Nicotto Town



腐ったロミオとジュリエット

ジュリエットが男です!

「おい、ロミオ。敵方のキャピュレットの晩餐会に忍び込むって、何バカなこと言ってんだよ」
親友であるマキューシオが言う。

敵方って…大げさな。
単に親父同士が敷地の境界線をめぐってケンカしてるだけじゃん。
さて、噂のジュリエット姫はどこかな~?
麗しいと噂のキャピュレットの姫の姿を探してうろうろしていると、うっかり誰かにぶつかった。
「あ、悪い」
「いえ、俺もぼーっとしてましたから」
「え…俺?」
おれがそう問い返すのも無理はないと思ってくれ。
なにしろ相手はドレスを着て、一瞬ごく普通の娘さんに見えたんだ。
「あ、俺男です」
「・・・男がなんでドレス??」
「ジュリエットだからです」
おれの疑問に、相手はにっこり笑ってそう答えた。
ああ、そうですか。 と言う以外、なんと答えろと…つか、ジュリエットお?!
「どうかしましたか?」
こくんと首を傾げるそのジュリエットに、「いや、人の噂って当てにならないもんだと思ってさ」と言うと、
「ああ、『人の噂も七十五日』って言いますからね」と笑って答えた。
なんか、会話がかみ合っていないと思うのはおれだけだろうか。
まあ、折角会ったんだし「一曲踊っていただけませんか?」と言ってみた。

「あ、すみません」「ごめんなさい」
ダンスは下手だから苦手だとは言っていた。

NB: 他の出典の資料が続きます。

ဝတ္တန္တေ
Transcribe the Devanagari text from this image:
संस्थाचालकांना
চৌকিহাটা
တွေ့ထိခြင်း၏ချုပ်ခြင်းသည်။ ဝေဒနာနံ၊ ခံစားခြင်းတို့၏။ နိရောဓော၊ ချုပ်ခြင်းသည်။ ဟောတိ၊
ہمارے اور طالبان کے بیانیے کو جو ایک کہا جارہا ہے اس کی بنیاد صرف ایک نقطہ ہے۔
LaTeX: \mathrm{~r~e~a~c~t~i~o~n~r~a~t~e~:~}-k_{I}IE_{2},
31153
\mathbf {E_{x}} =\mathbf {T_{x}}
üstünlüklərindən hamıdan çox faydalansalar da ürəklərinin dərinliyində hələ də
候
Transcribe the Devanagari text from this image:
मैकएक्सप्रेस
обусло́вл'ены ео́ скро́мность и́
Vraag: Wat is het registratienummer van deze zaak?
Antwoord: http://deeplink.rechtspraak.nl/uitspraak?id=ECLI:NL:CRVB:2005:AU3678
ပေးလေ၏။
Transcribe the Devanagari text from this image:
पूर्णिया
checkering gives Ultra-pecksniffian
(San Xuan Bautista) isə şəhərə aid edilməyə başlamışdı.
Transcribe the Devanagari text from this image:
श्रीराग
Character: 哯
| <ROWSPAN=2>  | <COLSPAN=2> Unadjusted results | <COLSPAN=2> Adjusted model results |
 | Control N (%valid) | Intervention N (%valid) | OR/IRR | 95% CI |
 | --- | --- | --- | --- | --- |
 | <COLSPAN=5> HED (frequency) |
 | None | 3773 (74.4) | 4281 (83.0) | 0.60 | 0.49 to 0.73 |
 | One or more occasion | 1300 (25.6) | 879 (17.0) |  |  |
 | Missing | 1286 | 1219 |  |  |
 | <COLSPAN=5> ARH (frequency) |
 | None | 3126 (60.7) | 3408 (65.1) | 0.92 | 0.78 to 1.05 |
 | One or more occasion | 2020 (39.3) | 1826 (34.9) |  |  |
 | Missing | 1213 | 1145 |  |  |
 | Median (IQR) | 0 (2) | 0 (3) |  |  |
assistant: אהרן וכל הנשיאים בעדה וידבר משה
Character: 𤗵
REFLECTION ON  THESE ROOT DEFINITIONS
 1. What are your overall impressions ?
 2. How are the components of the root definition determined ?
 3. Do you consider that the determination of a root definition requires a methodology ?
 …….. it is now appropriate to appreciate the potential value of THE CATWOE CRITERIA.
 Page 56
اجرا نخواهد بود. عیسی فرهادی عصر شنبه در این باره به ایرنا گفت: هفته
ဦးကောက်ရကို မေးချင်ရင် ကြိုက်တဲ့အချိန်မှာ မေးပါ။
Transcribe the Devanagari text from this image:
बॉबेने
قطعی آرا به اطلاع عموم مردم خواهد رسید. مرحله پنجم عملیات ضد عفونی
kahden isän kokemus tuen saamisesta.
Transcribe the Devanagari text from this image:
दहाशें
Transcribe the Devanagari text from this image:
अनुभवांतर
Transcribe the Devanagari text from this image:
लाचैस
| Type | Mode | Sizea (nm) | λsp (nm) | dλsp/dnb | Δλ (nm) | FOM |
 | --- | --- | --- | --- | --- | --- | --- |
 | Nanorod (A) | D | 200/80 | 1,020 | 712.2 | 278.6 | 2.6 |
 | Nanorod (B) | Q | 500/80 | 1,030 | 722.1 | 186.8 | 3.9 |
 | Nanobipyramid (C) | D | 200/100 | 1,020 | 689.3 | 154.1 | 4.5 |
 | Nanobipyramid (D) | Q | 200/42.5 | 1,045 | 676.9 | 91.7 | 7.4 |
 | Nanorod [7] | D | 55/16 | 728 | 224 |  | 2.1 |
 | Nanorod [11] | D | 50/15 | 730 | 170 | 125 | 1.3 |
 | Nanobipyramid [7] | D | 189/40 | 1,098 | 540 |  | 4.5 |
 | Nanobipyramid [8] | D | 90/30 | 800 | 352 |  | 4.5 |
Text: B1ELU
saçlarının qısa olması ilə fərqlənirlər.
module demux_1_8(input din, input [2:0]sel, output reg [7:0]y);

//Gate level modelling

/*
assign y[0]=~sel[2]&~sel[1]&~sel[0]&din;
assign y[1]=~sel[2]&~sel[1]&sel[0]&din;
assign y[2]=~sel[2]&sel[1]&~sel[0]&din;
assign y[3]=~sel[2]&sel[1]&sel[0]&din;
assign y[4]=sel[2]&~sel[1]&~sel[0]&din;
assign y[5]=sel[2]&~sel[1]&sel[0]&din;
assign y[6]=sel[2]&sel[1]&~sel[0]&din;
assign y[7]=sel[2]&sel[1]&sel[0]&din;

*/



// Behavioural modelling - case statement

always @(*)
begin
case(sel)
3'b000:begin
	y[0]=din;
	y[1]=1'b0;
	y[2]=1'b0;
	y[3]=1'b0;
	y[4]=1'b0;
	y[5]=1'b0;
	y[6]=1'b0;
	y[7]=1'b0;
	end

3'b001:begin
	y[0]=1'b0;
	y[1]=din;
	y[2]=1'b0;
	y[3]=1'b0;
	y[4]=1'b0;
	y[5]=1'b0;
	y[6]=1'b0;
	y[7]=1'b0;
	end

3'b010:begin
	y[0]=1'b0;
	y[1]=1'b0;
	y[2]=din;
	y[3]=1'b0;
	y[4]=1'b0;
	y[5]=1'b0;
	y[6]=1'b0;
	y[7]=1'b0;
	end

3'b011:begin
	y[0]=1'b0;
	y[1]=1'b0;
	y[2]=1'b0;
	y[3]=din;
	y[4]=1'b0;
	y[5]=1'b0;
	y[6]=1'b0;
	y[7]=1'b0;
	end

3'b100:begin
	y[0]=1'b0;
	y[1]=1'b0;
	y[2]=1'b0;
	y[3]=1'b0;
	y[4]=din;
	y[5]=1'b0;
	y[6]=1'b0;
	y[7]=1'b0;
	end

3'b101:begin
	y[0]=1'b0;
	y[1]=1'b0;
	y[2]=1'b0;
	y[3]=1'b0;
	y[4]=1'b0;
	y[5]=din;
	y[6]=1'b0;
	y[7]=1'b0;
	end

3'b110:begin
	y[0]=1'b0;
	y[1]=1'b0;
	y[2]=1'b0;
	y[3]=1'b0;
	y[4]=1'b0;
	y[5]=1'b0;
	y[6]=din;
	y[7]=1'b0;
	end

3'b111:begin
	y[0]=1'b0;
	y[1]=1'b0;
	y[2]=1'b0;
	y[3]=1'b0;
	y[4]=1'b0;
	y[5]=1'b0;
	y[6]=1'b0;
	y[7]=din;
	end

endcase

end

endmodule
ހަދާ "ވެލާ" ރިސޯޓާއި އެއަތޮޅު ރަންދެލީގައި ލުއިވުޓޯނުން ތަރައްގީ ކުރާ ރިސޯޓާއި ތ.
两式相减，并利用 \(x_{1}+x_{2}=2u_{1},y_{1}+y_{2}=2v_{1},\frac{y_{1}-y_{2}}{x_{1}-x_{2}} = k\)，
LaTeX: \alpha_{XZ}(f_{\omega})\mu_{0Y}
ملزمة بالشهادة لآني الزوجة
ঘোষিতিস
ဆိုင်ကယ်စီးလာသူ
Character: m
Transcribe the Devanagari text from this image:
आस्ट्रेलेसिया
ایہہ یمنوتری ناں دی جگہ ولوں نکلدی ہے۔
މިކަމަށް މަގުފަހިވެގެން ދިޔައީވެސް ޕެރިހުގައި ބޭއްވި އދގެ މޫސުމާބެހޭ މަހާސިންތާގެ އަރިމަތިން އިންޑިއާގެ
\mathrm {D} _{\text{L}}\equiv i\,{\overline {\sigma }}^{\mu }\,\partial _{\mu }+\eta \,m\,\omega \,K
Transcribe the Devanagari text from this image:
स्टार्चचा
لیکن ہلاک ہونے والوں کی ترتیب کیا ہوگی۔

んだが、これをヘタで片付けていいものか。
おれの足は踏むわ、隣で踊っていた人にはぶつかるわ、ドレスの裾を踏んづけてすっ転ぶわ、挙句に靴を片方なくしてびっこを引いていたりする。
「すみません、ご迷惑おかけして」
しょんぼりとうなだれるジュリエットを、横抱きに抱きあげる。
「あ、あの…」
「男とは言え、お姫様を裸足で歩かせるわけにいかないからな」
そう言うと、真っ赤な顔しておとなしくなった。
ヤメれ。なんか知らんがヘンな気になる。
それにしても、男とは思えない軽さだ。
とりあえず壁際に並んでいる椅子の一つに彼女…じゃなくて彼を降ろし、靴をさがしに戻る。
「何から何まですみません」
靴を見つけて戻ると、ジュリエットがそう言って深々と頭下げた。
「いや、いいけどさ。とりあえずおれはそろろそ帰るよ」
「そうですか。色々ありがとうございました。どうか気を付けて帰って下さいね」
そう言ってにっこり微笑むジュリエットから、なぜかあたふたと目を逸らすおれ。
まあ、気を付けると言っても、隣に住んでるんだけどね。